Saturday, February 18, 2006

A Dark Hole

The darkness returns. It doesn't matter how hard I try to fight it, how hard I try to tell myself that everything will be okay, no matter how hard I try to convince myself that I am safe and loved and surrounded by people who will nto leave me.

Lies, it's all lies. It's only meant to lull me into a false sense of security. It lasted a lot longer this time then it normally does. I was blind sided, I thought I was winning, I thought that I was at least ahead.

More lies, more tears, more glass breaking. Wait, that's the sound of my heart. So much pain I can't understand where it stops being emotional and where it becomes physical.

My lesson has been learned. Keep to myself, stop loving, stop trusting, everyone leaves sooner or later. I am not worth being loved. I am broked. None of the things I do to try to better myself will make me a better person. In the end, it is my insides that are no good. I might have quit smoking, but I am too polluted for it to make a difference. Going back to school? Waste of time, I will never amount to anything. I am simply putting us farther into debt by taking out student loans.

I see a dark hole, I think that's where I am going to be for a while. Yes, I will lie here and press my face to the cold ground, breathe deeply of her earthly scent, clench her in my hands, I will not need to strain my ears to hear your happiness, your laughter. The tears will fall, turning dirt into my mud, thick and suffocating. I thought I was past this, I thought I had won. The earth, she is my friend.Yes, I think this is where I am going to be for a while.

5 comments:

A said...

Nikki, I don't know if this will be helpful to you or not but I felt an immense sense of relief when I finally accepted that I'll never be "fixed" when it comes to this kind of panic and fear over my own times of twisted thoughts and perceptions.

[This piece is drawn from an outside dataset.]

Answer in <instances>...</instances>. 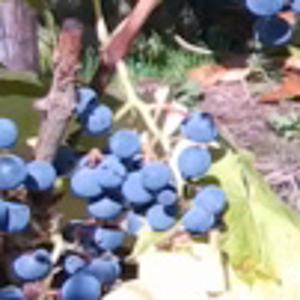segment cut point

There is no end of the game, no crossing the goal line and throwing down the ball in triumph at making the Big Win. No tender graduation moment where you hold up the diploma and know that you never have to go back to class.

There is no finish line.

These feelings will periodically come back again and again and they are never going to disappear forever. It doesn't mean you "failed". It doesn't mean you didn't try hard enough. No.

It doesn't work that way. No matter how much work you do on yourself or how often you promise yourself you won't put yourself through this again, it always comes back again.

Once I accepted this, it made it far keasier for me when the dark times DO come. Yes, they will always come but more importantly, they will also always Go.

Best of all, it's not my "fault". I didn't do anything wrong and neither have you.

This struggle you are going through right now will go away. It will. This is a fact. And once again you will be in the light and free from the part of your mind that dredges all this junk up sometimes.

Hang on until then. If you pray, then pray. Praying is the most important thing you can do. Pray and believe that this will pass soon.

{{{{{{hugs to you}}}}}}

floweringhana said...

Nikki,

When I read your blog about Walmart...I just laughed and laughed. Now this day's blod feels me with tears. I know the feelings of fear, of trying to prove you are worth something.

Before I met Master I had engulfed so much in my fears I had no idea who I was. But as the moments with him extended. I realized who I was and started opening up about all my fears. I screamed, yelled, and even cried hysterically. Each time they have returned, and he has been there to help to me through them. I truly know that you will find someway similar to overcome these dark moments.

They are only small steps dear heart. Remember that each step brings you deeper into the dark, and each step causes pain. But all the happiness can cause the "darker" moments to fade away. You have passed all the previous "stairs" you will overcome this one too.

Hugs

Hana
~Robert's little flower~

dee said...

Oh Honey, hang in there, this too shall pass.

I think you're worth loving due to the words and thoughts you share.

Although I'd never thought of it that way, I have to agree with amber.

{{{hugs}}}

dee

Buffalo said...

Amber speaks the truth, Nikki.

Dawn said...

you are worth loving. you are worth loving. you are worth loving. you are worth loving. you are worth loving. you are worth loving. you are worth loving. you are worth loving. you are worth loving. you are worth loving. you are worth loving. you are worth loving. you are worth loving. you are worth loving. you are worth loving. you are worth loving. you are worth loving. you are worth loving.